To write a text or a binary into a file, you can use either `write(text_or_binary)`. If you want to add a newline (`'\n'`), then you should put `'\n'` explicitly.



Example: Write strings into a text file 'something.txt', "something_with_newline.txt" and "something_binary.txt".

You can confirm the new file by clicking a folder mark in the leftmost pane.

(1) Print a string to a file

In [5]:
str_1 = "Hello, nice to meet you"
str_2 = "My name is Anonymous"

# When you want to output a string, you should open a file with text mode.
fp = open("something.txt", "wt")
fp.write(str_1)
fp.write(str_2)
fp.close()


(2) Print a string with new line by adding '\n' at the end of line

In [None]:
str_1 = "Hello, nice to meet you"
str_2 = "My name is Anonymous"

fp2 = open("something_with_newline.txt", "wt")
fp2.write(str_1 + '\n')
fp2.write(str_2)
fp2.close()

(3) Print a string as a binary mode (You need to convert a string to **bytes**, which means the binary data)
The default encoding of Python3 is "UTF-8", 

In [7]:
str_1 = "Hello, nice to meet you"
str_2 = "My name is Anonymous"

fp3 = open("something_binary.txt", "wb") # open with binary mode
#fp3.write(str_1 + '\n') # If you remove the # at the beginning, this will be an error.
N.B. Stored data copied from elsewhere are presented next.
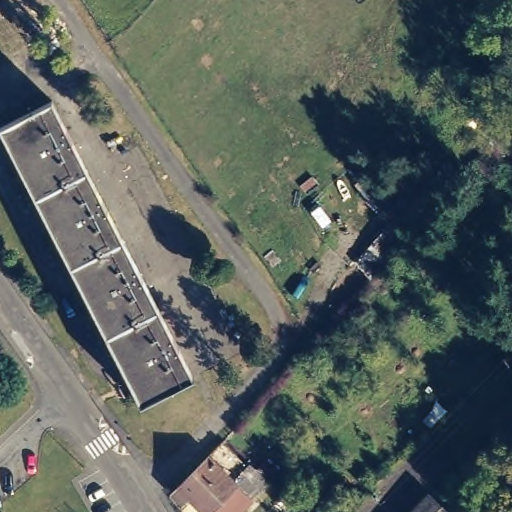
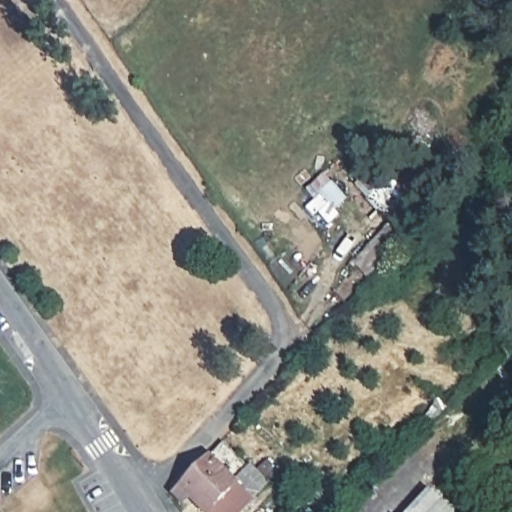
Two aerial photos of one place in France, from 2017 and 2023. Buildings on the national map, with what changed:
demolished [(43,101),(192,371),(138,397),(0,148),(0,122),(43,101)]
unchanged [(418,169),(399,192),(417,211),(386,256),(366,240),(387,216),(368,197),(402,155),(418,169)]
unchanged [(206,452),(229,473),(243,459),(252,466),(260,458),(272,470),(231,512),(201,512),(183,496),(179,500),(170,492),(206,452)]
unchanged [(425,485),(452,508),(448,512),(400,512),(411,500),(425,485)]
unchanged [(263,500),(276,512),(251,512),(263,500)]

When opening in binary mode, the arguments for write() must be a `bytes`
fp3.write(str_1.encode('UTF-8')) # To write binary mode, you must specify enconding and convert string to UTF-8 eplicitly
fp3.write(str_2.encode()) # encode() is the same as encode('UTF-8')
fp3.close()
#fp3.write(str_2)

### Practice: Encoding Conversion

There are some text encodings for Thai language. As far as I know, "TIS-620", "ISO-8859-11", "UTF-8" are used to express Thai text in a computer.

Then, write a program to convert text in from UTF-8 to ISO-8859-11. You can assume the encoding of reading file is UTF-8.

This program is considered as a part of `iconv` utility. https://en.wikipedia.org/wiki/Iconv

In [10]:
# When you want to output a string, you should open a file with text mode.
fp = open("text_UTF-8.txt", "rt") # You can rename the filename

# fill the code line(s) to read UTF-8.txt as a UTF-8 encoding.

fp.close()

# When you want to use the different encoding other than UTF-8, you should open the output file as binary mode.
fp = open("text_ISO-8859-11.txt", "wb")
# fill the code line(s) to write the text in a string as ISO-8859-11 encoding.
fp.close()